3D occupancy prediction (3DOcc) is a rapidly rising and challenging perception task in the field of autonomous driving. Existing 3D occupancy networks (OccNets) are both computationally heavy and label-hungry. In terms of model complexity, OccNets are commonly composed of heavy Conv3D modules or transformers at the voxel level. Moreover, OccNets are supervised with expensive large-scale dense voxel labels. Model and data inefficiencies, caused by excessive network parameters and label annotation requirements, severely hinder the onboard deployment of OccNets. This paper proposes an EFFicient Occupancy learning framework, EFFOcc, that targets minimal network complexity and label requirements while achieving state-of-the-art accuracy. We first propose an efficient fusion-based OccNet that only uses simple 2D operators and improves accuracy to the state-of-the-art on three large-scale benchmarks: Occ3D-nuScenes, Occ3D-Waymo, and OpenOccupancy-nuScenes. On the Occ3D-nuScenes benchmark, the fusion-based model with ResNet-18 as the image backbone has 21.35M parameters and achieves 51.49 in terms of mean Intersection over Union (mIoU). Furthermore, we propose a multi-stage occupancy-oriented distillation to efficiently transfer knowledge to vision-only OccNet. Extensive experiments on occupancy benchmarks show state-of-the-art precision for both fusion-based and vision-based OccNets. For the demonstration of learning with limited labels, we achieve 94.38\% of the performance (mIoU = 28.38) of a 100\% labeled vision OccNet (mIoU = 30.07) using the same OccNet trained with only 40\% labeled sequences and distillation from the fusion-based OccNet.
Paper Structure (20 sections, 5 equations, 5 figures, 6 tables)

This paper contains 20 sections, 5 equations, 5 figures, 6 tables.

Figures (5)

  • Figure 1: Graphical statistics of fusion-based teacher models and vision-only OccNets trained from scratch and trained with distillation under different labeled data scales.
  • Figure 2: The framework of EFFOcc. The LiDAR point cloud and multi-view images go through a fusion network for fusion-based occupancy prediction as the teacher model.
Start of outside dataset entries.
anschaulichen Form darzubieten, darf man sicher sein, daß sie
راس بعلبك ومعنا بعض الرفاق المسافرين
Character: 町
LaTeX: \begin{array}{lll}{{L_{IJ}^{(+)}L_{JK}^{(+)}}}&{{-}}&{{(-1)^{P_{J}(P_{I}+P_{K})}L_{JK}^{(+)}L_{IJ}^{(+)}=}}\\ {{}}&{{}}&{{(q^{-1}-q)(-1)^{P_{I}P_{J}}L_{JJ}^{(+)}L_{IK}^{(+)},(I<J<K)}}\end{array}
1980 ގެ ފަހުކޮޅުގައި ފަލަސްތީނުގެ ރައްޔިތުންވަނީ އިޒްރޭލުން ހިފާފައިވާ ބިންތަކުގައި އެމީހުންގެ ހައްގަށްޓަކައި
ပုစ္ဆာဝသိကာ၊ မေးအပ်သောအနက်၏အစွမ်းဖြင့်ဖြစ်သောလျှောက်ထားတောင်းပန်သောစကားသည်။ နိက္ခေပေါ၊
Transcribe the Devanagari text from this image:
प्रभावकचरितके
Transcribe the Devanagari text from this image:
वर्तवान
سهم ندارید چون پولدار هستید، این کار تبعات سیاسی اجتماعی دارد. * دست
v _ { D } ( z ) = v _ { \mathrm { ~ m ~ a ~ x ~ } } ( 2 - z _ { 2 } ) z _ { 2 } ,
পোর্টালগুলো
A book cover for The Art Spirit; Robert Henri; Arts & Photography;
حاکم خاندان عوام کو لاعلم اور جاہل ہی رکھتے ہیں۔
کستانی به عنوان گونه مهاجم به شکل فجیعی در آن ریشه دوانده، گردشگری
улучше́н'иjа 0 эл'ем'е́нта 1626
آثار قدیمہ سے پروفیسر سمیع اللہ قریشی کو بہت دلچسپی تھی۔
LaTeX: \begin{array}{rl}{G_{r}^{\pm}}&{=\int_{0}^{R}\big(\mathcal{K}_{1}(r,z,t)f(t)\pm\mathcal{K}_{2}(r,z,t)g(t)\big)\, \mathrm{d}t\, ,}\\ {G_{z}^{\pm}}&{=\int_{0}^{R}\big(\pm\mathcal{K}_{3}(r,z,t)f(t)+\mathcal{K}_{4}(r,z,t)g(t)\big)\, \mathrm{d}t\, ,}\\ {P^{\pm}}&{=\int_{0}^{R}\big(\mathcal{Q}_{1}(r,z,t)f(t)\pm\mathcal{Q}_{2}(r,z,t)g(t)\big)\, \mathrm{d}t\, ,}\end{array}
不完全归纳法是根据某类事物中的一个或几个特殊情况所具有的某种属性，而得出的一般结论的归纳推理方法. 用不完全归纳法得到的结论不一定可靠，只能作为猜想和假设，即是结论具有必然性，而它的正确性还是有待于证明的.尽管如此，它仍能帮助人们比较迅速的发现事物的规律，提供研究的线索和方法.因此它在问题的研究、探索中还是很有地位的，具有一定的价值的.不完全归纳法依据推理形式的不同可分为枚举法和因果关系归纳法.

The student model inputs multi-view images and distills multi-stage features from the teacher model in both BEV and 3D occupancy feature space.
  • Figure 3: Network details of the EFFOcc fusion-based OccNet framework compared to dense fusion OccNetsOpenOccupancyRadOcc. Our lightweight design replaces the voxel features with BEV features, OCC pooling with BEV pooling, the ResNet3D backbone with the SECOND backbone, and the complex coarse-to-fine prediction head with a simple Conv2D head.
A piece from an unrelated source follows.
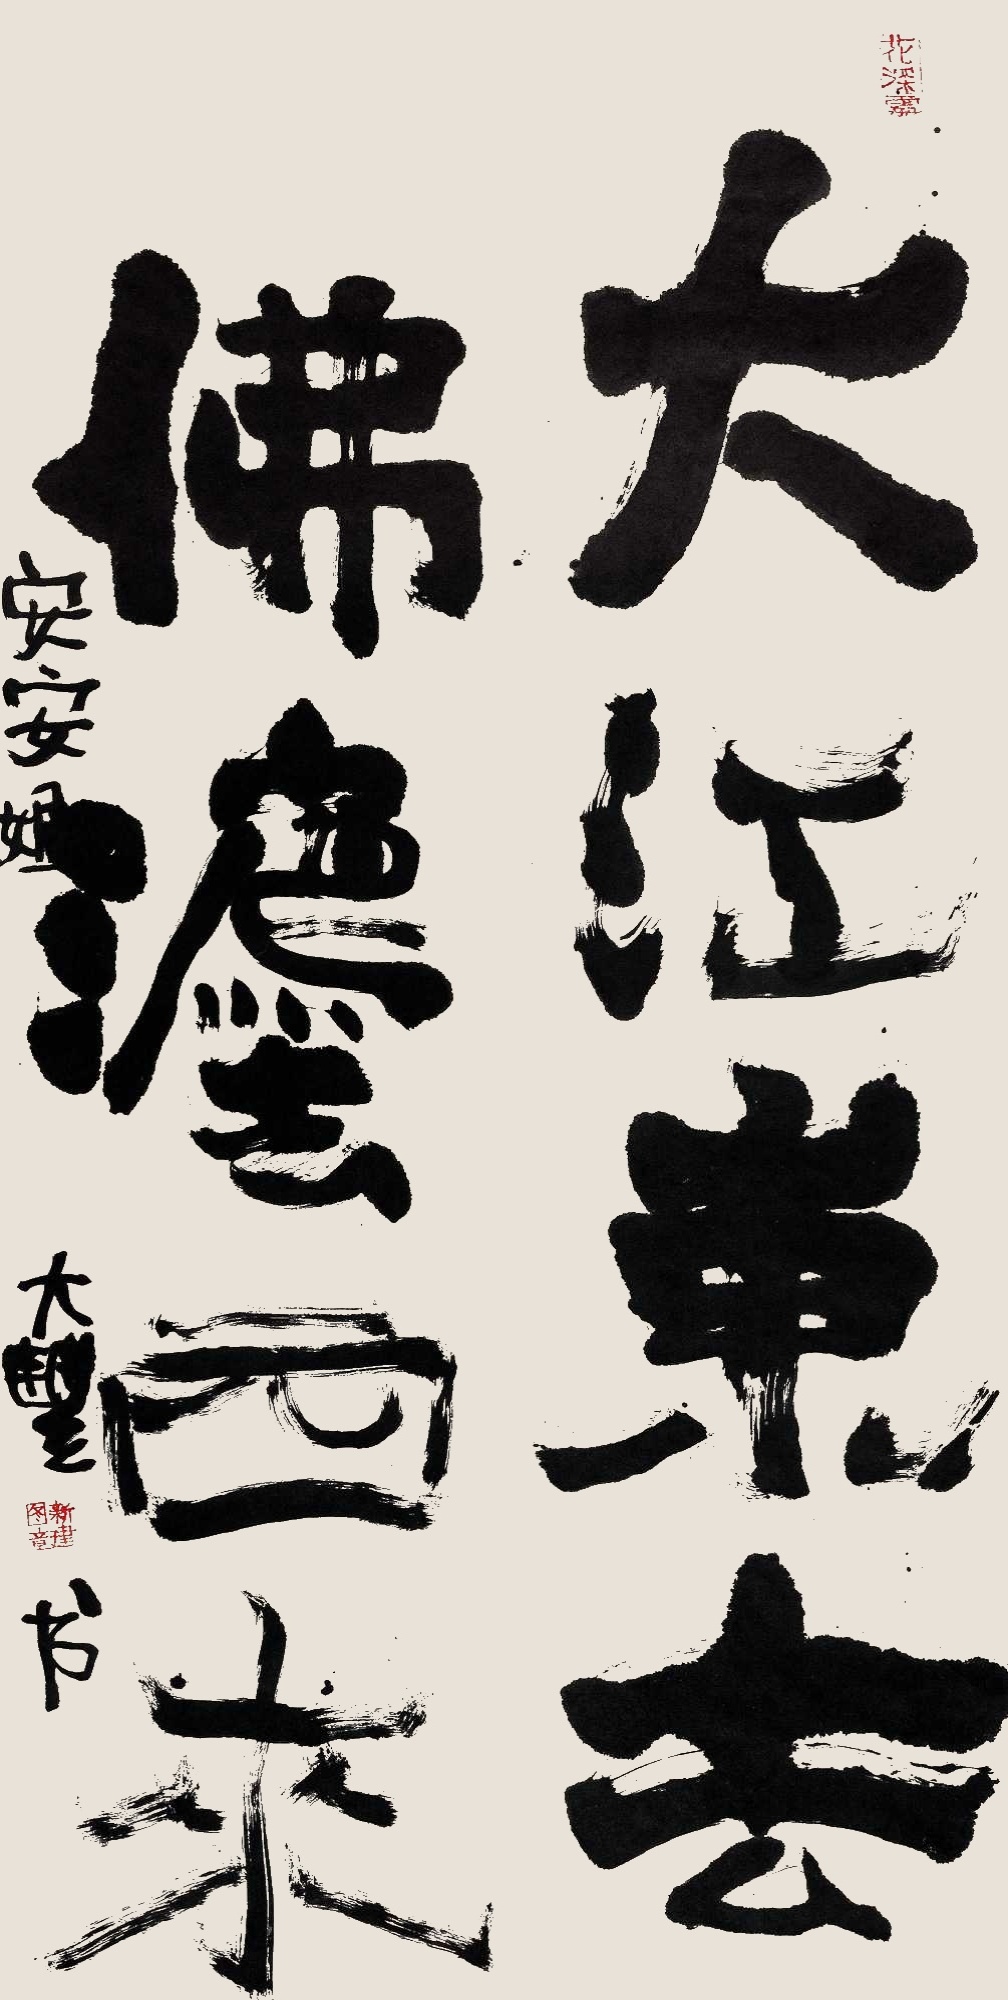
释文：大江东去，佛法西来。安安姐，大丰书。

  • Figure 4: Runtime efficiency analysis between RadOcc-LC, EFFOcc-R18 and EFFOcc-Swin-B. The parameters of RadOcc-LC, EFFOcc-R18, EFFOcc-Swin-B are 135.39M, 21.35M, and 111.48M. The runtime frame per second (FPS) is 0.3, 5.6, and 1.8, respectively.
  • Figure 5: Visualizations of fusion-based OccNet, vision-based OccNets before and after distillation. We use camera visibility mask in rendering of occupancy results.